What the Hail?

Dave took this picture of our porch on Wednesday night, but I promise that the hail accumulation was 70% worse than it looks.

At around 3am, I was just nodding off when I heard Dave holler from the kitchen, “Liz! You should come and see this!” I was anticipating a return of the spider who spins a big-ass web between our wall and the kitchen table- effectively catching anyone who dares stumble to the bathroom in the middle of the night. Instead, I rubbed my eyes and realized that inches from my face, ice cube-sized hail was hurtling down onto the classy plastic lawn chairs, small potted plants, and orange, modernist ash tray that inhabit our second floor porch.

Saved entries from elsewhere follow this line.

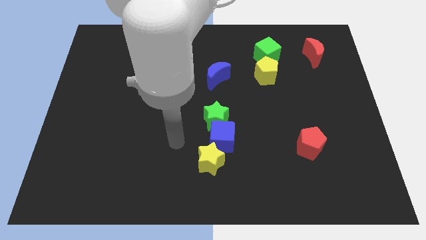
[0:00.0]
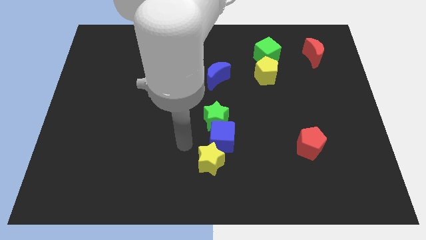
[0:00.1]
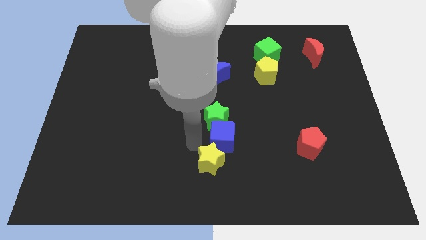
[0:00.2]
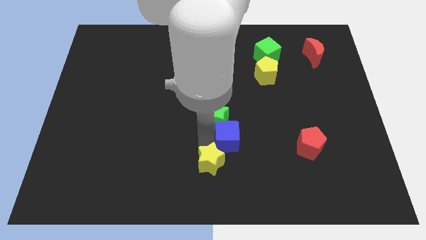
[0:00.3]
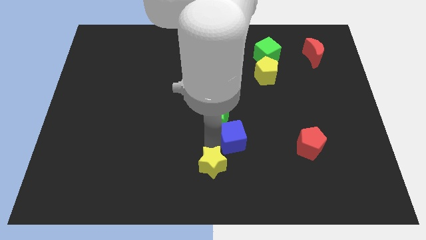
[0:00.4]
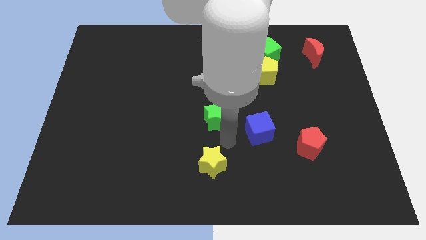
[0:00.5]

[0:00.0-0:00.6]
separate the green star from the blue cube

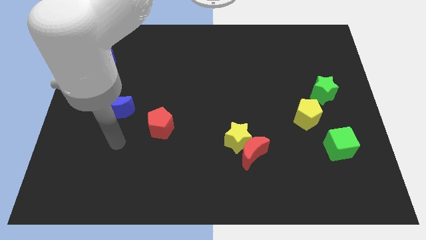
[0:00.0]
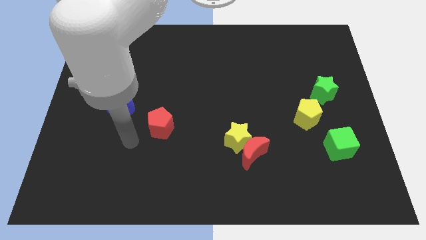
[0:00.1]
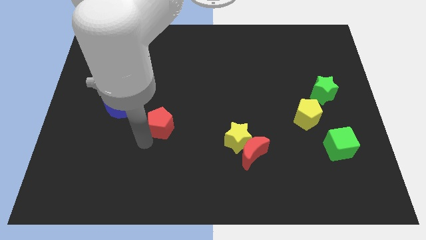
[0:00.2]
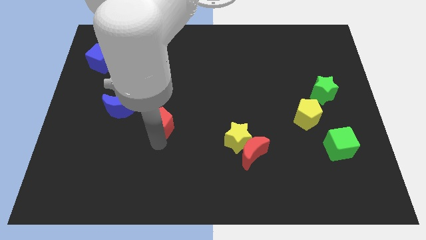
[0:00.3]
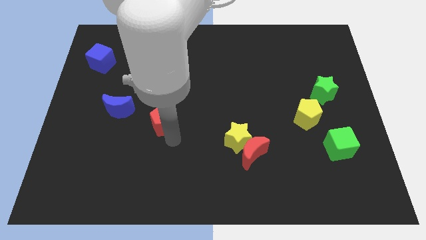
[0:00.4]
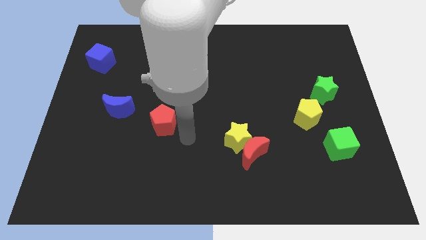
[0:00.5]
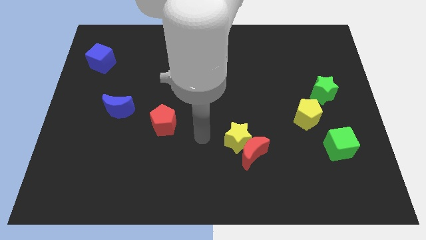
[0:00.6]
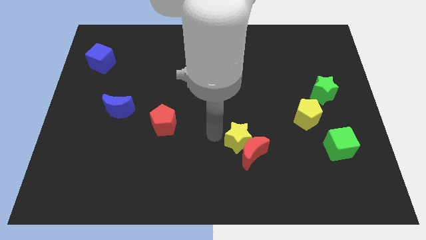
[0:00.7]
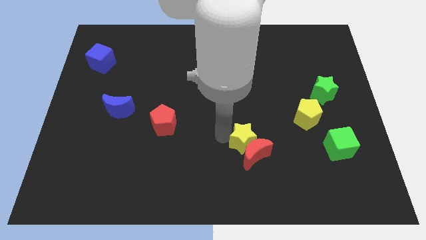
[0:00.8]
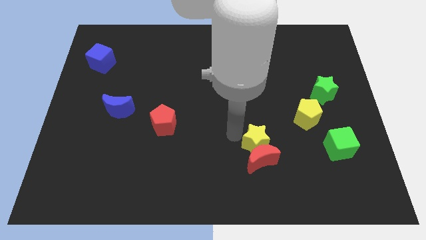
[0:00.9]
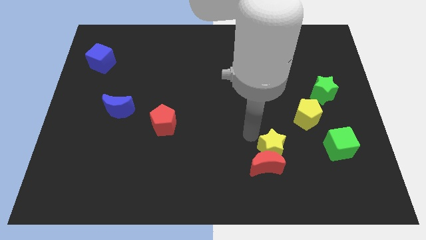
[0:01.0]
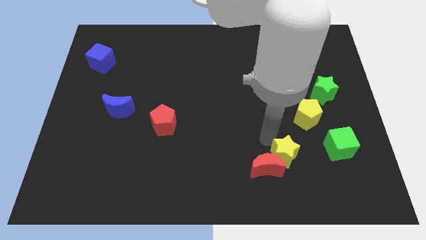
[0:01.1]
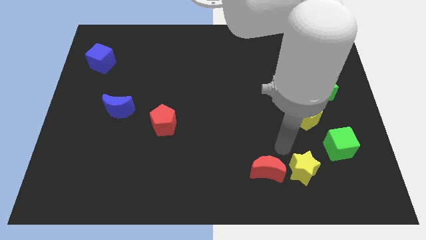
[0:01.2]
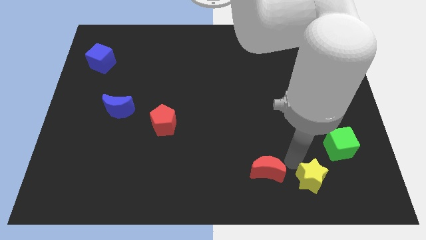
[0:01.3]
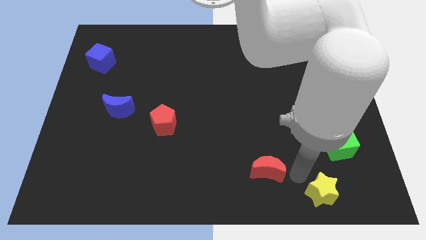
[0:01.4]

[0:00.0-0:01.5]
move the red moon away from the yellow star

It was about 5 minutes of some of the craziest weather I’ve ever seen. I looked out the window but couldn’t see even a trace of our neighbors’ house only 15 feet away! The wind kept getting louder and louder! It was some real “White Squall” shit! Is it possible to not believe in God but to just believe in his wrath?

We ended up all being A.O.K. and alive and well enough to spend the next two days sweating in the oppressive New England humidity.

In other miscellany, I bought a new t-shirt (this is kind of a big deal for me) and a skirt and a bathing suit that makes me look like a total babe. I also bought an air conditioner for the studio but it didn’t work. As I was boxing it up and putting things back in place, I found a bunch of old findings that had gone astray so I relisted their final states in the shop. Today was so gloomy and kind of uninspiring that I borrowed our roommate’s car just so that I could drive my friend Steve around to various grocery stores. He got a bunch of useful things, I got a pound of liverwurst and three tiny chocolate bars.